A lot of those things are difficult to say. It doesn't even really matter if you whole heartedly mean them, but sending them a letter showing that they are not ruining your marriage by being rude to you and that you truly love their daughter and respect them as human beings can really go a long way. The drinking makes them toxic to her and your relationship but just don't let it. As the child of two extremely alcoholic and really absurd parents, I totally understand how hard it is to just let go and be the better person... but that is what it takes to have peace.
Best of luck!
I have to agree. Imagine someone telling you to cut your family out of your life completely, even if they are difficult. You would obviously feel torn and I wouldn't want to put someone I love in the position of choosing between me and their family, who have definitely been in their life a lot longer than I have. Think of the resentment it could cause.

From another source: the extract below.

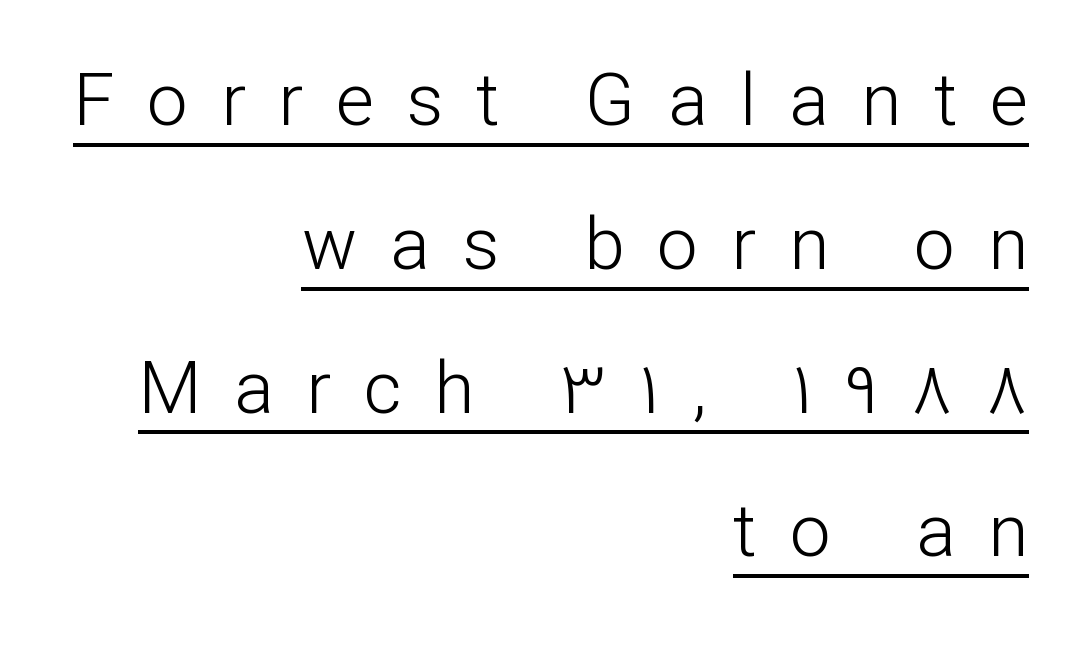
{"serif": "no", "italic": "no", "bold": "no", "weight": "light", "width": "normal", "stroke_contrast": "low", "x_height": "medium", "monospaced": "no", "underline": "yes", "align": "right", "line_spacing": "loose", "line_spacing_ratio": 1.97, "letter_spacing": "wide", "letter_spacing_em": 0.45, "glyph_px": 73}

My advice would be working towards being able to manage the interactions with the in-laws to the best of your ability. Sometimes it takes swallowing your pride to keep peace in the family.
This!!
As someone who has in-law issues myself, I'm hesitant to just tell you to cut all ties with the in-laws, for the simple fact that it puts your wife in an uncomfortable position, which can put a strain on your relationship.
I can tell you that, despite my in-law issues, my husband is still very close to his family. I've talked it over with him and asked him to understand my position if I decide not to accompany him on visits. But, when I do have to see them, I make sure to be as cordial as I would be with anyone's parents, with the understanding that I will not be talked down or bullied, should that issue arise. If they chose to ignore you, but you still have to see them, be coolly polite and even-toned, and shake all of that negativity off once you leave their front door. Easier said than done, I know, but take it from someone who is living it.